Data shown:
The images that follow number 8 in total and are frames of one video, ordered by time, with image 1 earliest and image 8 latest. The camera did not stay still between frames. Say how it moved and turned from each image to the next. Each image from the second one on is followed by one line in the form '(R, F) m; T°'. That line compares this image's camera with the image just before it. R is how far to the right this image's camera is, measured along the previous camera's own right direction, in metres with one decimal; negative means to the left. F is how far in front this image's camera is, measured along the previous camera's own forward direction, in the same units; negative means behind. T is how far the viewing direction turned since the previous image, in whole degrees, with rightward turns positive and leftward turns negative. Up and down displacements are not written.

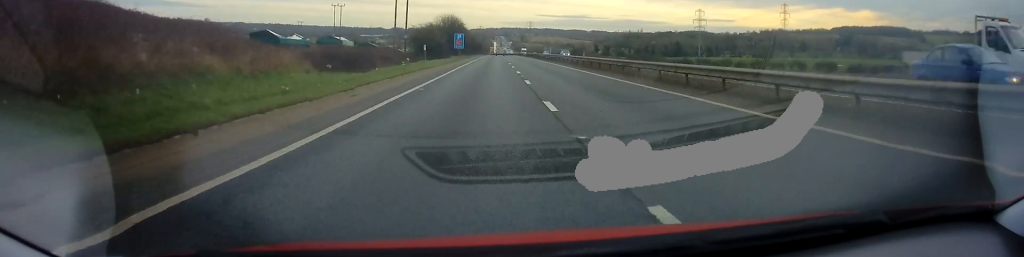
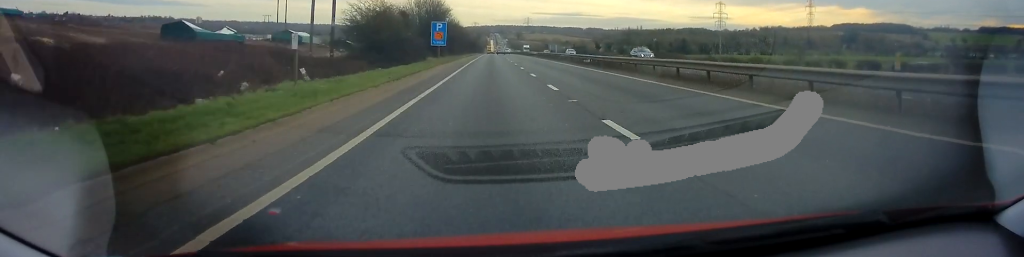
(+0.4, +32.6) m; +1°
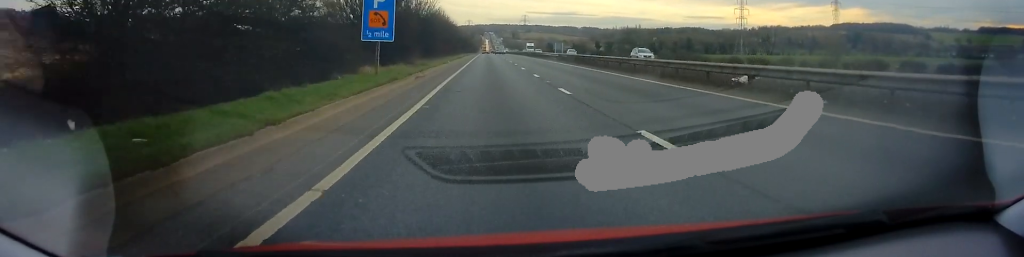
(0.0, +28.4) m; +1°
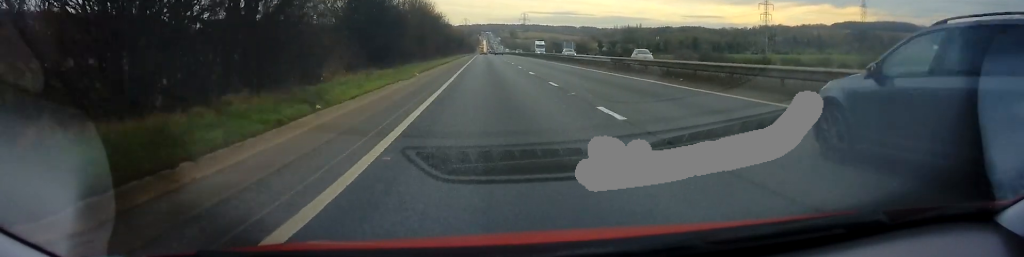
(+0.4, +24.3) m; +1°
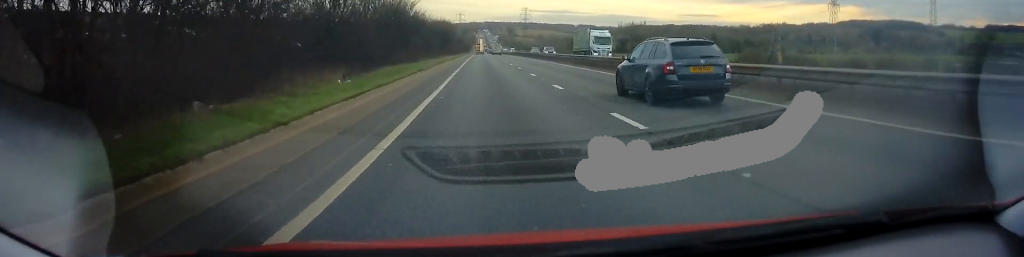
(0.0, +48.1) m; 0°
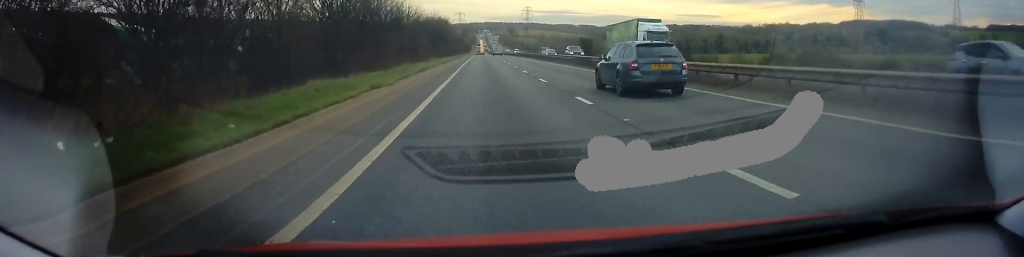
(-0.1, +13.3) m; 0°
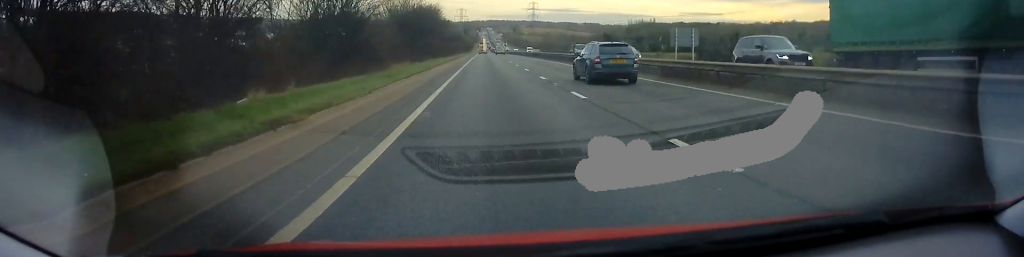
(+0.1, +25.5) m; 0°
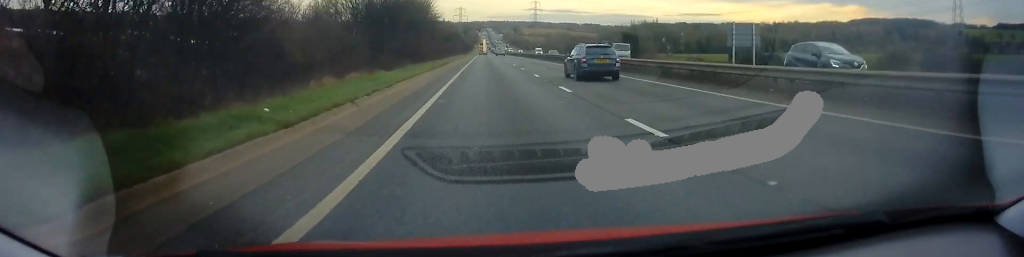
(0.0, +15.1) m; 0°
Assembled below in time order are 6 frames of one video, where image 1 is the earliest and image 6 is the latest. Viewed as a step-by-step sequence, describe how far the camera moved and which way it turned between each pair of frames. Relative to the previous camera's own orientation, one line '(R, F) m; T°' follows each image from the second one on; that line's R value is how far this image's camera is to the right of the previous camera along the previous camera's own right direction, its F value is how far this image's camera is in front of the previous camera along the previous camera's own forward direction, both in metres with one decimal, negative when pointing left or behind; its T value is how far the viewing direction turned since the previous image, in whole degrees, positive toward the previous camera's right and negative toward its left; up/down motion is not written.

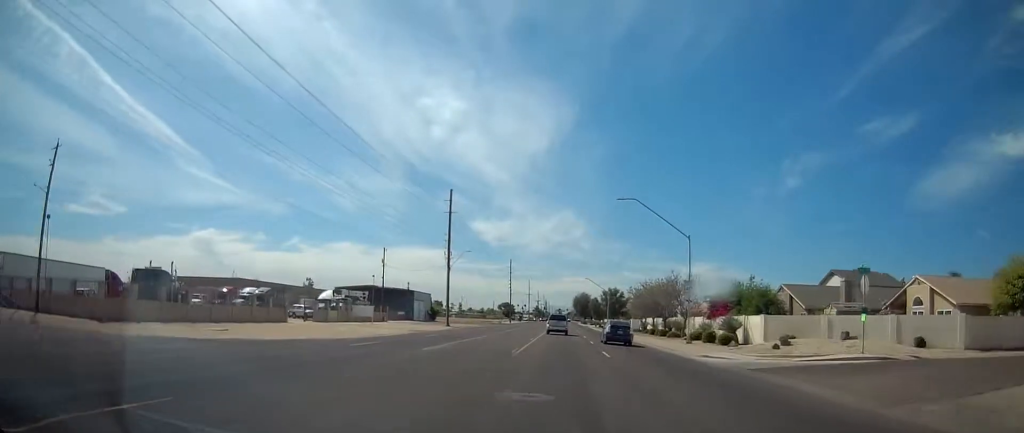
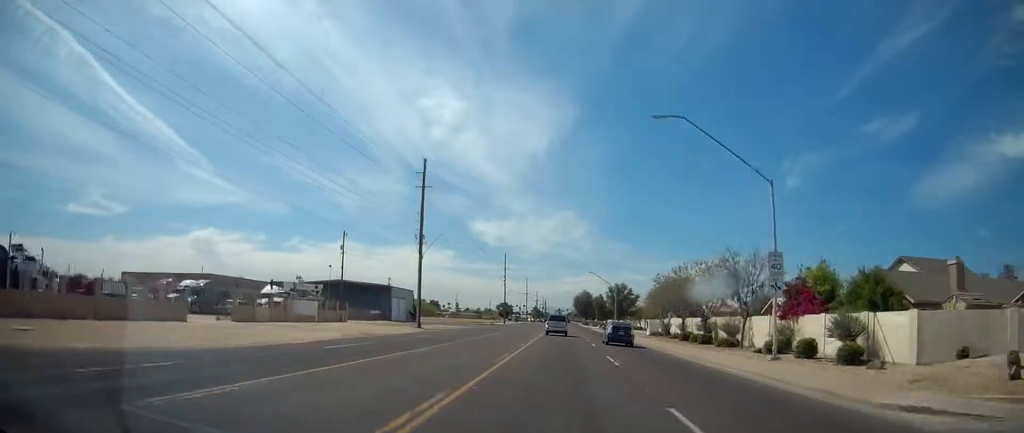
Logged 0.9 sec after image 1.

Task details: Set down the records above exactly, leaving out pictures.

Output below:
The images that follow number 8 in total and are frames of one video, ordered by time, with image 1 earliest and image 8 latest. The camera did not stay still between frames. Say how it moved and turned from each image to the next. Each image from the second one on is followed by one line in the form '(R, F) m; T°'. That line compares this image's camera with the image just before it. R is how far to the right this image's camera is, measured along the previous camera's own right direction, in metres with one decimal; negative means to the left. F is how far in front this image's camera is, measured along the previous camera's own forward direction, in the same units; negative means behind. T is how far the viewing direction turned since the previous image, in whole degrees, with rightward turns positive and leftward turns negative. Up and down displacements are not written.

(+0.4, +32.6) m; +1°
(0.0, +28.4) m; +1°
(+0.4, +24.3) m; +1°
(0.0, +48.1) m; 0°
(-0.1, +13.3) m; 0°
(+0.1, +25.5) m; 0°
(0.0, +15.1) m; 0°
Assembled below in time order are 6 frames of one video, where image 1 is the earliest and image 6 is the latest. Viewed as a step-by-step sequence, describe how far the camera moved and which way it turned between each pair of frames. Relative to the previous camera's own orientation, one line '(R, F) m; T°' follows each image from the second one on; that line's R value is how far this image's camera is to the right of the previous camera along the previous camera's own right direction, its F value is how far this image's camera is in front of the previous camera along the previous camera's own forward direction, both in metres with one decimal, negative when pointing left or behind; its T value is how far the viewing direction turned since the previous image, in whole degrees, positive toward the previous camera's right and negative toward its left; up/down motion is not written.

Logged 0.9 sec after image 1.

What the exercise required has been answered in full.